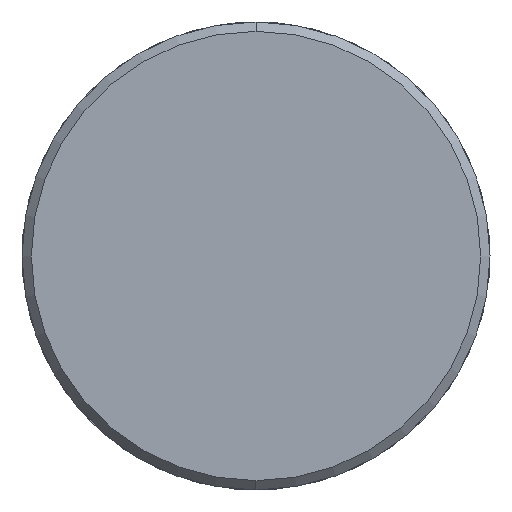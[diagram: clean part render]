
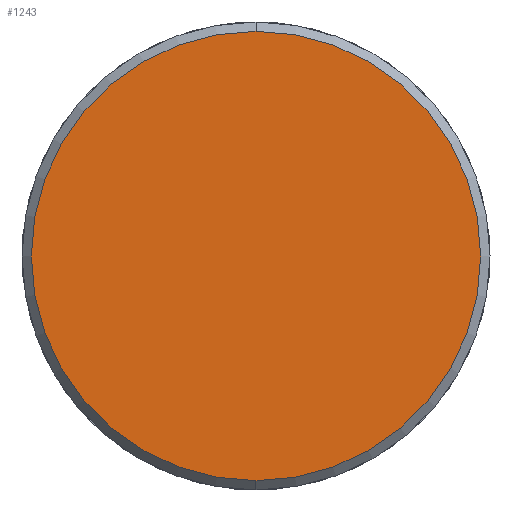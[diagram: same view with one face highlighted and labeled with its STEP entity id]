
A CAD part, front view. The second image highlights one B-rep face of the part: STEP entity #1243.
In plain terms, the highlighted face is planar.
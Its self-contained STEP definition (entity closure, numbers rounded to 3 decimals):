
#30 = CARTESIAN_POINT ( 'NONE',  ( 0., 3.5, 0. ) ) ;
#67 = AXIS2_PLACEMENT_3D ( 'NONE', #970, #325, #334 ) ;
#200 = CARTESIAN_POINT ( 'NONE',  ( 0., 3.5, 0. ) ) ;
#211 = FACE_OUTER_BOUND ( 'NONE', #1527, .T. ) ;
#325 = DIRECTION ( 'NONE',  ( 0., 1., 0. ) ) ;
#334 = DIRECTION ( 'NONE',  ( 0., 0., -1. ) ) ;
#335 = PLANE ( 'NONE',  #1994 ) ;
#433 = EDGE_CURVE ( 'NONE', #634, #800, #1245, .T. ) ;
#486 = DIRECTION ( 'NONE',  ( 0., 0., -1. ) ) ;
#496 = EDGE_CURVE ( 'NONE', #800, #634, #1351, .T. ) ;
#634 = VERTEX_POINT ( 'NONE', #1781 ) ;
#800 = VERTEX_POINT ( 'NONE', #1642 ) ;
#812 = DIRECTION ( 'NONE',  ( 0., 1., 0. ) ) ;
#907 = ORIENTED_EDGE ( 'NONE', *, *, #433, .T. ) ;
#970 = CARTESIAN_POINT ( 'NONE',  ( 0., 3.5, 0. ) ) ;
#1052 = ORIENTED_EDGE ( 'NONE', *, *, #496, .T. ) ;
#1243 = ADVANCED_FACE ( 'NONE', ( #211 ), #335, .F. ) ;
#1245 = CIRCLE ( 'NONE', #67, 24. ) ;
#1314 = DIRECTION ( 'NONE',  ( 0., 0., -1. ) ) ;
#1351 = CIRCLE ( 'NONE', #1399, 24. ) ;
#1399 = AXIS2_PLACEMENT_3D ( 'NONE', #30, #812, #486 ) ;
#1527 = EDGE_LOOP ( 'NONE', ( #907, #1052 ) ) ;
#1642 = CARTESIAN_POINT ( 'NONE',  ( 0., 3.5, 24. ) ) ;
#1750 = DIRECTION ( 'NONE',  ( 0., -1., 0. ) ) ;
#1781 = CARTESIAN_POINT ( 'NONE',  ( 0., 3.5, -24. ) ) ;
#1994 = AXIS2_PLACEMENT_3D ( 'NONE', #200, #1750, #1314 ) ;
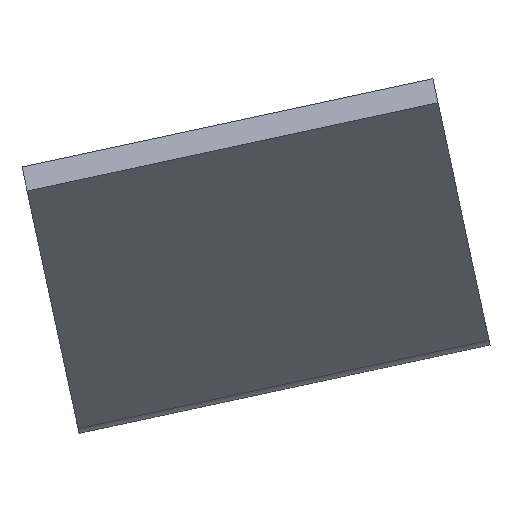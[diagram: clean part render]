
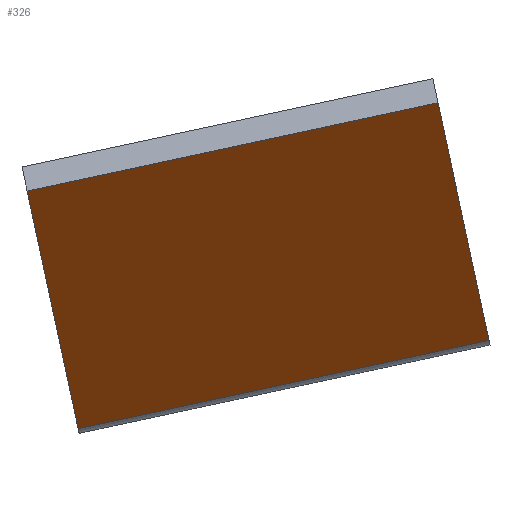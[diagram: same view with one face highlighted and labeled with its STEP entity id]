
A CAD part, left-side view. The second image highlights one B-rep face of the part: STEP entity #326.
In plain terms, the highlighted planar face has unit normal (-0.342, -0.197, -0.919).
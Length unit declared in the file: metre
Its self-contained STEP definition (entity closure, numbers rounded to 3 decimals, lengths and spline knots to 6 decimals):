
#48=ORIENTED_EDGE('',*,*,#131,.F.);
#49=ORIENTED_EDGE('',*,*,#124,.F.);
#50=ORIENTED_EDGE('',*,*,#121,.T.);
#51=ORIENTED_EDGE('',*,*,#127,.F.);
#121=EDGE_CURVE('',#166,#164,#189,.F.);
#124=EDGE_CURVE('',#166,#168,#192,.T.);
#127=EDGE_CURVE('',#170,#164,#195,.T.);
#131=EDGE_CURVE('',#168,#170,#199,.T.);
#164=VERTEX_POINT('',#488);
#166=VERTEX_POINT('',#491);
#168=VERTEX_POINT('',#497);
#170=VERTEX_POINT('',#503);
#189=LINE('',#490,#225);
#192=LINE('',#496,#228);
#195=LINE('',#502,#231);
#199=LINE('',#510,#235);
#225=VECTOR('',#392,1.);
#228=VECTOR('',#397,1.);
#231=VECTOR('',#402,1.);
#235=VECTOR('',#410,1.);
#264=EDGE_LOOP('',(#48,#49,#50,#51));
#286=FACE_BOUND('',#264,.T.);
#308=PLANE('',#361);
#326=ADVANCED_FACE('',(#286),#308,.F.);
#361=AXIS2_PLACEMENT_3D('',#509,#408,#409);
#392=DIRECTION('',(0.,-0.978,0.21));
#397=DIRECTION('',(0.94,-0.072,-0.334));
#402=DIRECTION('',(-0.94,0.072,0.334));
#408=DIRECTION('',(0.342,0.197,0.919));
#409=DIRECTION('',(0.937,0.,-0.349));
#410=DIRECTION('',(0.,0.978,-0.21));
#488=CARTESIAN_POINT('',(-0.047062,0.419286,-0.207077));
#490=CARTESIAN_POINT('',(-0.047062,0.394452,-0.201746));
#491=CARTESIAN_POINT('',(-0.047062,0.394452,-0.201746));
#496=CARTESIAN_POINT('',(-0.062072,0.395599,-0.196404));
#497=CARTESIAN_POINT('',(-0.006698,0.391369,-0.21611));
#502=CARTESIAN_POINT('',(-0.062072,0.420433,-0.201736));
#503=CARTESIAN_POINT('',(-0.006698,0.416203,-0.221441));
#509=CARTESIAN_POINT('',(-0.062072,0.395599,-0.196404));
#510=CARTESIAN_POINT('',(-0.006698,0.391369,-0.21611));
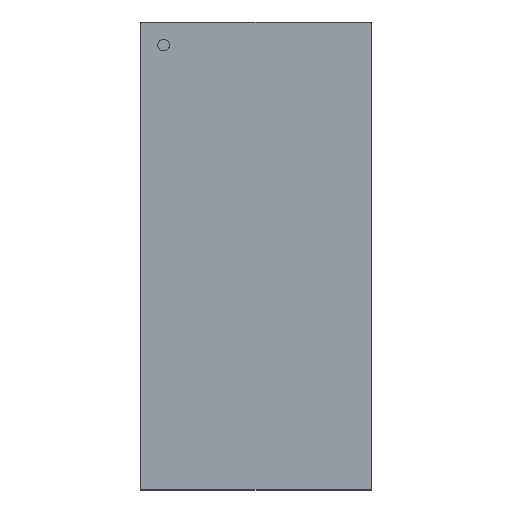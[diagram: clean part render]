
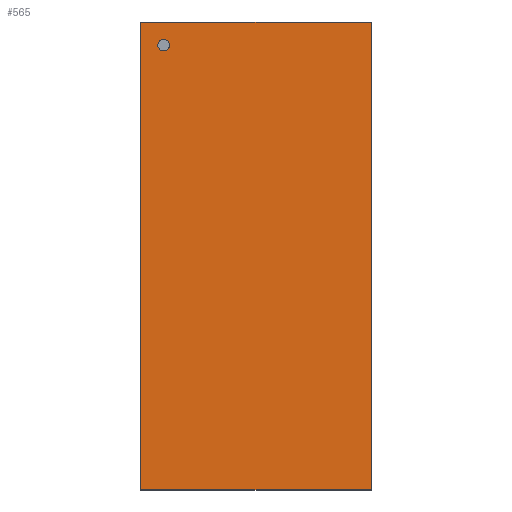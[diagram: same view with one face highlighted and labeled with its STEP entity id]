
A CAD part, top view. The second image highlights one B-rep face of the part: STEP entity #565.
In plain terms, the highlighted planar face has unit normal (0, 0, 1).
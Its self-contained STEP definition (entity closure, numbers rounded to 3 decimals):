
#341=CARTESIAN_POINT('',(0.444,-0.902,0.508));
#340=VERTEX_POINT('',#341);
#351=CARTESIAN_POINT('',(-0.444,-0.902,0.508));
#350=VERTEX_POINT('',#351);
#349=EDGE_CURVE('',#350,#340,#354,.T.);
#354=LINE('',#351,#356);
#356=VECTOR('',#357,0.889);
#357=DIRECTION('',(1.0,0.0,0.0));
#390=CARTESIAN_POINT('',(0.444,0.902,0.508));
#389=VERTEX_POINT('',#390);
#398=EDGE_CURVE('',#340,#389,#403,.T.);
#403=LINE('',#341,#405);
#405=VECTOR('',#406,1.803);
#406=DIRECTION('',(0.0,1.0,0.0));
#439=CARTESIAN_POINT('',(-0.444,0.902,0.508));
#438=VERTEX_POINT('',#439);
#447=EDGE_CURVE('',#389,#438,#452,.T.);
#452=LINE('',#390,#454);
#454=VECTOR('',#455,0.889);
#455=DIRECTION('',(-1.0,0.0,0.0));
#496=EDGE_CURVE('',#438,#350,#501,.T.);
#501=LINE('',#439,#503);
#503=VECTOR('',#504,1.803);
#504=DIRECTION('',(0.0,-1.0,0.0));
#565=ADVANCED_FACE('',(#571),#566,.T.);
#566=PLANE('',#567);
#567=AXIS2_PLACEMENT_3D('',#568,#569,#570);
#568=CARTESIAN_POINT('',(-0.444,-0.902,0.508));
#569=DIRECTION('',(0.0,0.0,1.0));
#570=DIRECTION('',(0.,1.,0.));
#571=FACE_OUTER_BOUND('',#572,.T.);
#572=EDGE_LOOP('',(#573,#583,#593,#603));
#573=ORIENTED_EDGE('',*,*,#349,.T.);
#583=ORIENTED_EDGE('',*,*,#398,.T.);
#593=ORIENTED_EDGE('',*,*,#447,.T.);
#603=ORIENTED_EDGE('',*,*,#496,.T.);

*-*-*

* Exercise *
Determine which lines above include the word "plain", and report those lines in full.

* Response area *
In plain terms, the highlighted face is planar.
In plain terms, the highlighted planar face has unit normal (-0.342, -0.197, -0.919).
In plain terms, the highlighted planar face has unit normal (0, 0, 1).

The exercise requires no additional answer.